▸ TASK TO COMPLETE
If an entry includes an image, drop the image and copy the rest verbatim.
======== SUPPLIED INFORMATION
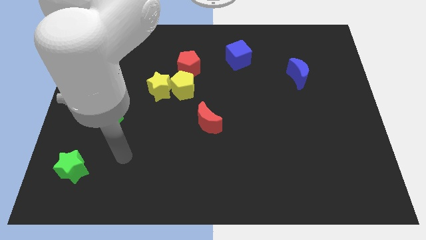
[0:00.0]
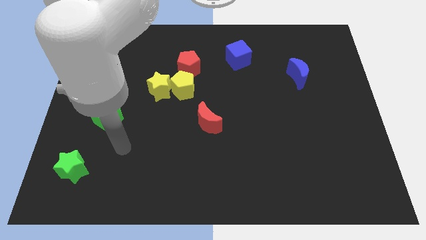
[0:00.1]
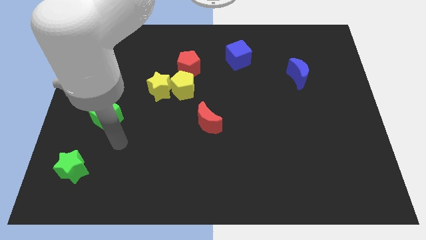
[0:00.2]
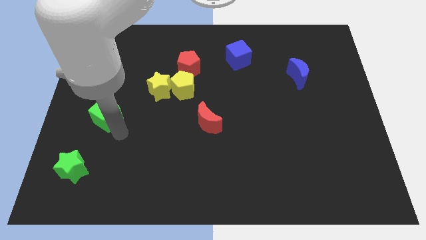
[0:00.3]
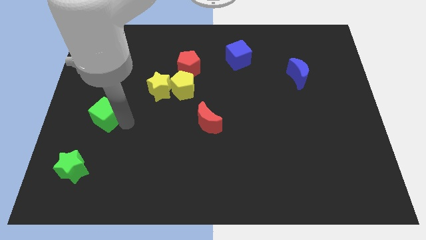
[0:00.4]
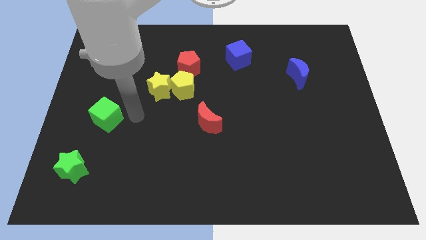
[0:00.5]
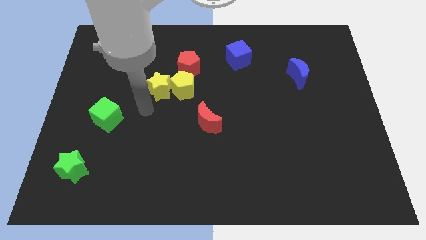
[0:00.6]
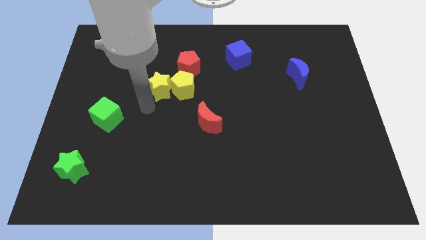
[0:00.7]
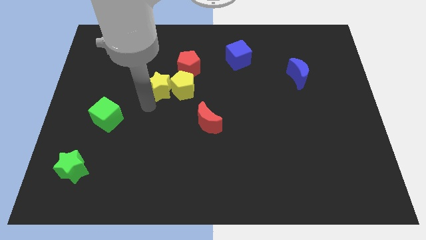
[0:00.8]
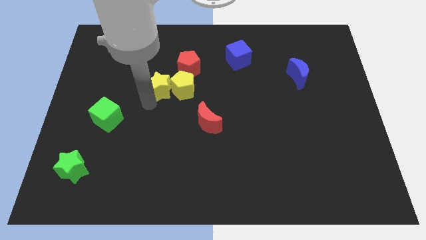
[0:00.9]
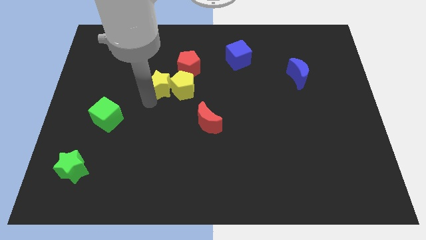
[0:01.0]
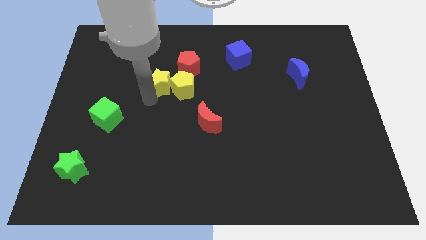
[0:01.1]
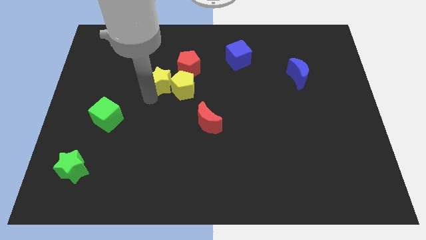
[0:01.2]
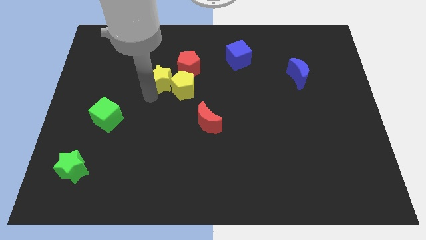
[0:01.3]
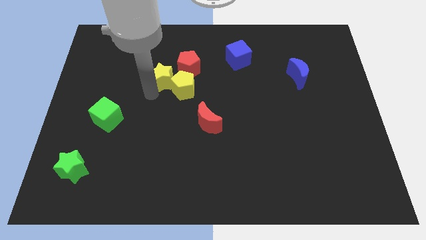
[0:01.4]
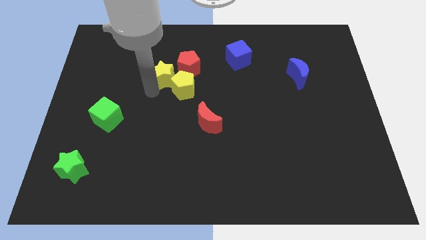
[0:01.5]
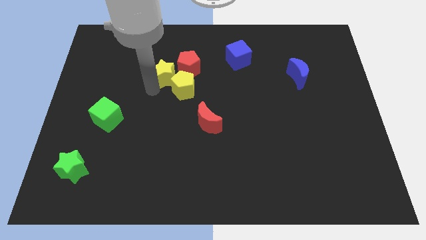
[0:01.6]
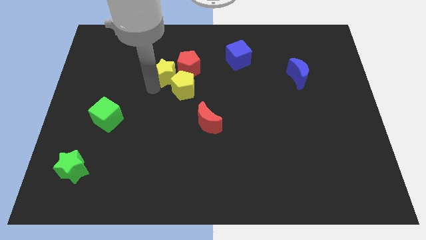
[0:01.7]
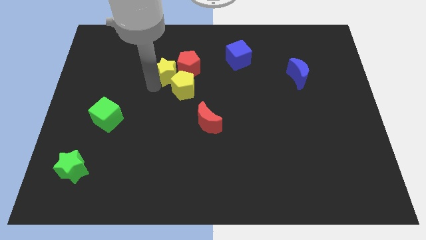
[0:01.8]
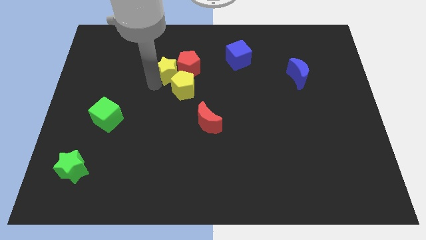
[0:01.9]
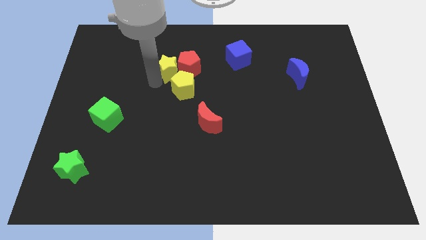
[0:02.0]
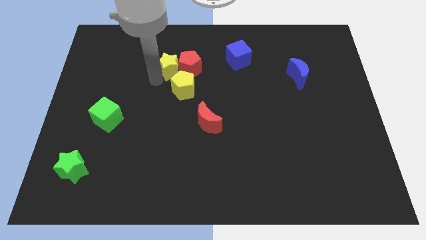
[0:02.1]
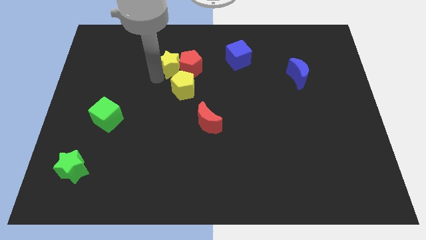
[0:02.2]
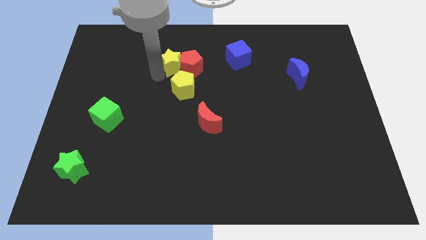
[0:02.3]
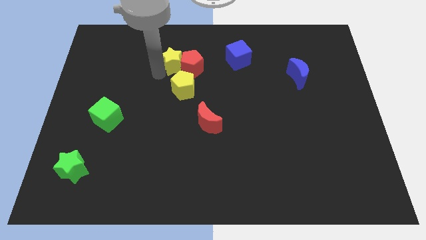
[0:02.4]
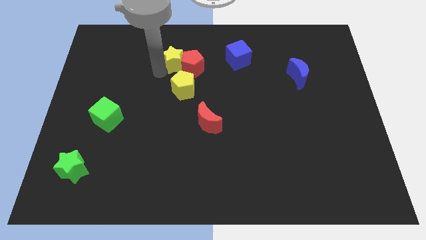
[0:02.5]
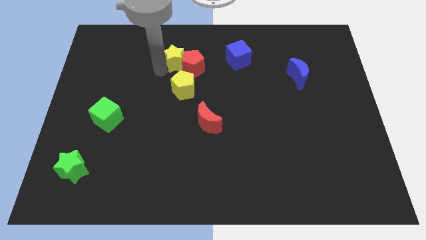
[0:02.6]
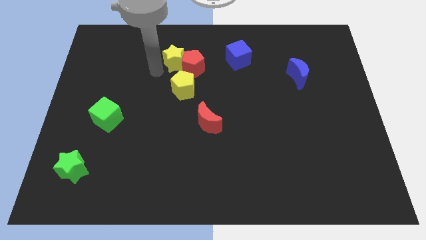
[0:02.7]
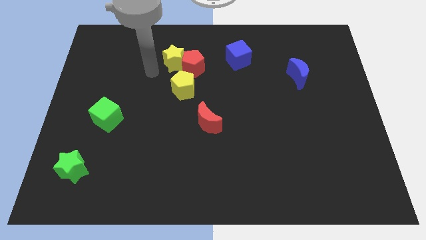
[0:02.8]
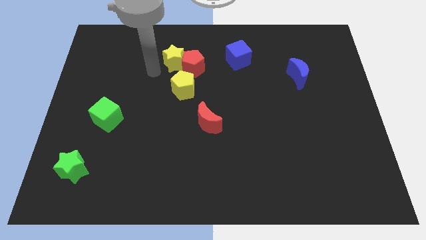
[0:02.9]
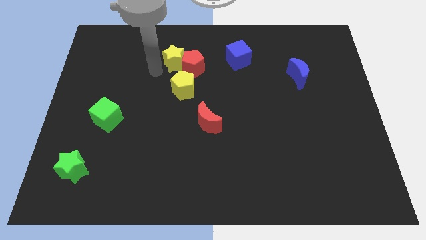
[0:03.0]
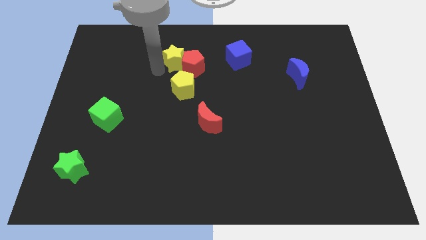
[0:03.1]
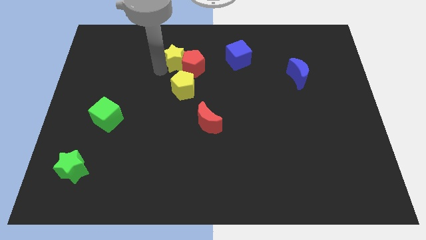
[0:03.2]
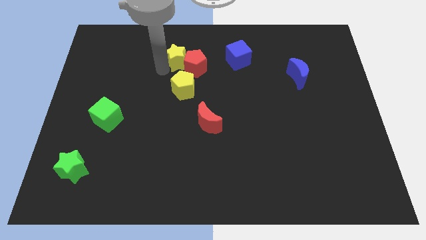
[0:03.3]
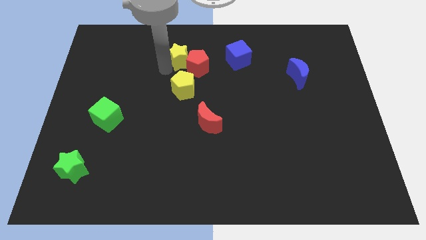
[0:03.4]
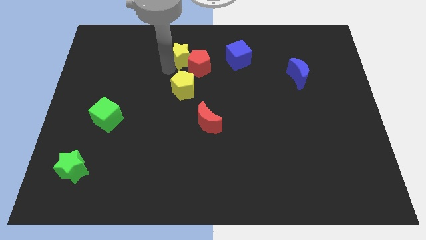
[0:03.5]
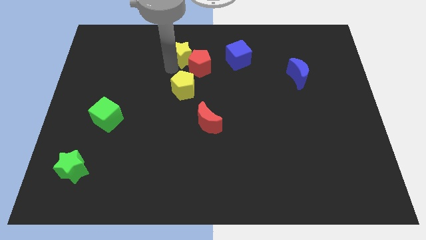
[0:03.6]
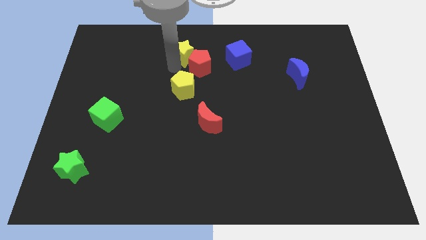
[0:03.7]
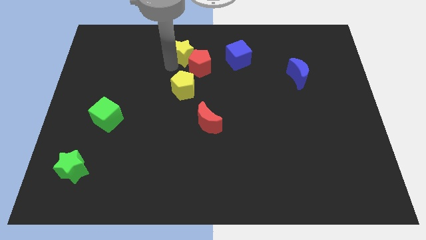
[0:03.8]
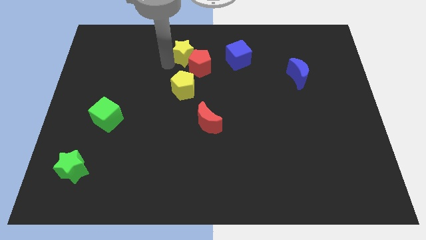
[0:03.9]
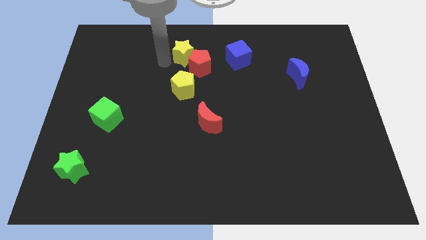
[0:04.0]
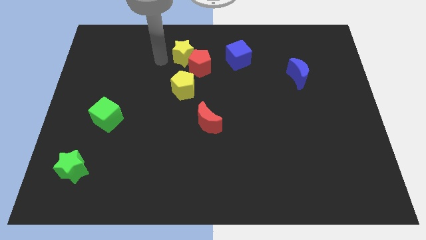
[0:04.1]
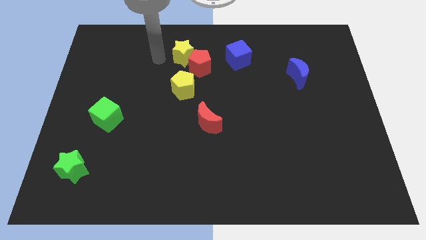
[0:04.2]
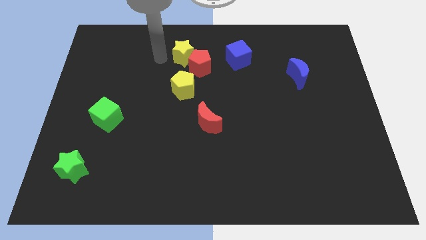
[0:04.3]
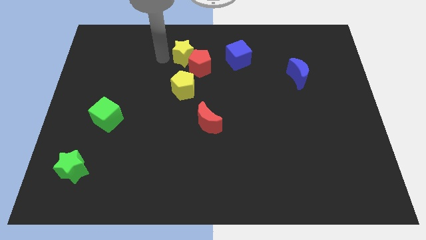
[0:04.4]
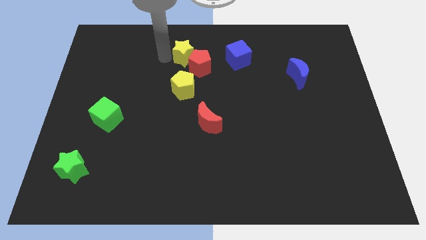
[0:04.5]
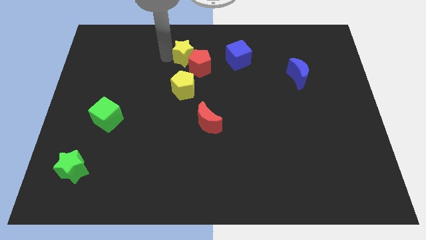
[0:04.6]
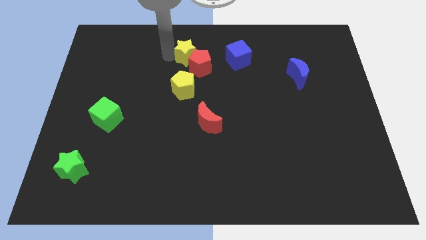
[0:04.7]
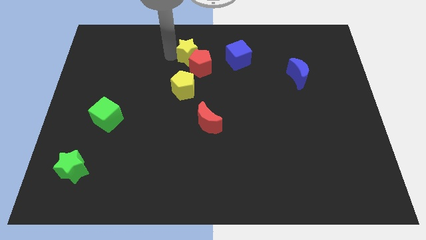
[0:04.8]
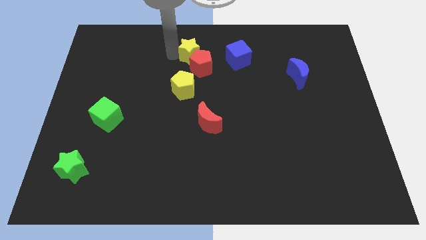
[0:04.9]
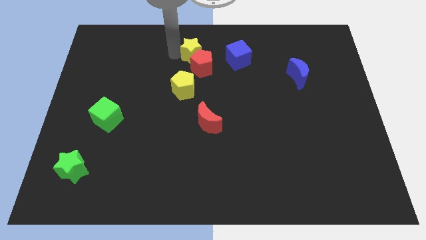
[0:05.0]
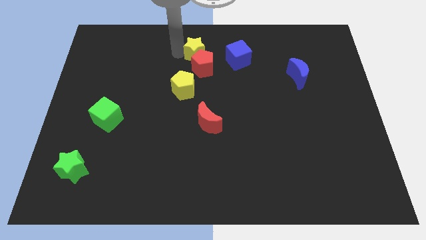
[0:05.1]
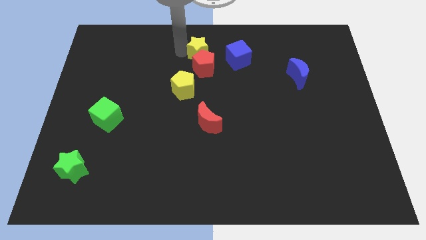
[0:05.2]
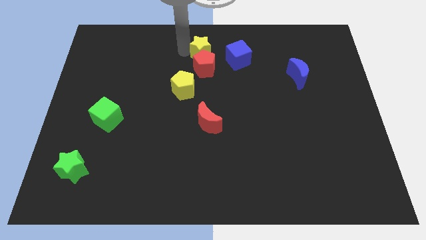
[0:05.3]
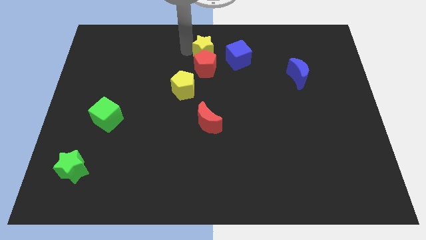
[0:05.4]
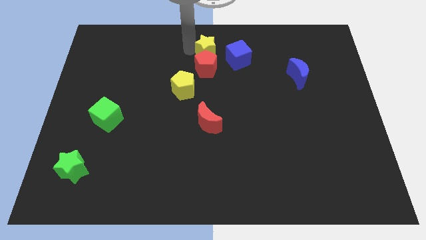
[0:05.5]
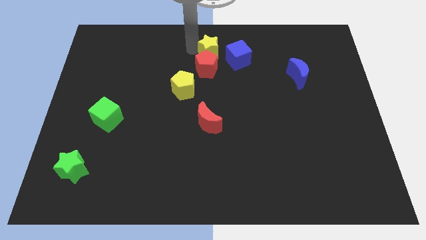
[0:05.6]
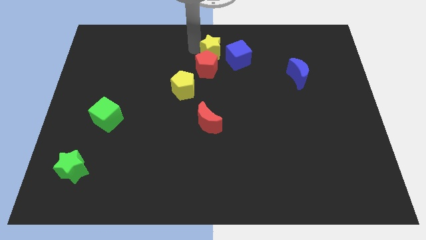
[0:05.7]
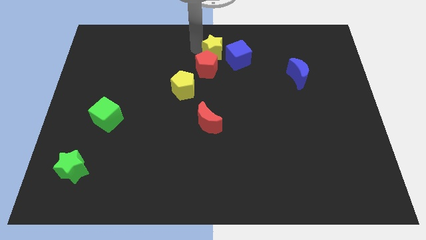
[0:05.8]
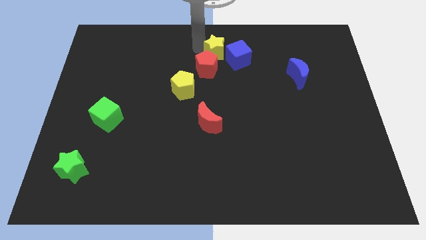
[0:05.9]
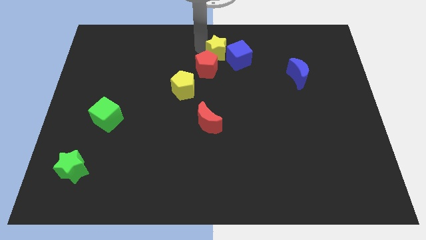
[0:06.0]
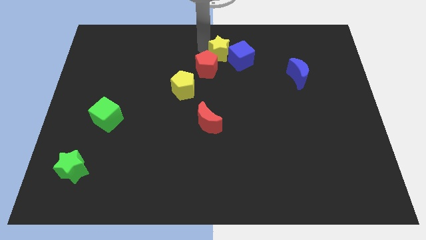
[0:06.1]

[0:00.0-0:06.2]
================
▸ TASK SOLUTION
[0:00.0]
[0:00.1]
[0:00.2]
[0:00.3]
[0:00.4]
[0:00.5]
[0:00.6]
[0:00.7]
[0:00.8]
[0:00.9]
[0:01.0]
[0:01.1]
[0:01.2]
[0:01.3]
[0:01.4]
[0:01.5]
[0:01.6]
[0:01.7]
[0:01.8]
[0:01.9]
[0:02.0]
[0:02.1]
[0:02.2]
[0:02.3]
[0:02.4]
[0:02.5]
[0:02.6]
[0:02.7]
[0:02.8]
[0:02.9]
[0:03.0]
[0:03.1]
[0:03.2]
[0:03.3]
[0:03.4]
[0:03.5]
[0:03.6]
[0:03.7]
[0:03.8]
[0:03.9]
[0:04.0]
[0:04.1]
[0:04.2]
[0:04.3]
[0:04.4]
[0:04.5]
[0:04.6]
[0:04.7]
[0:04.8]
[0:04.9]
[0:05.0]
[0:05.1]
[0:05.2]
[0:05.3]
[0:05.4]
[0:05.5]
[0:05.6]
[0:05.7]
[0:05.8]
[0:05.9]
[0:06.0]
[0:06.1]

[0:00.0-0:06.2]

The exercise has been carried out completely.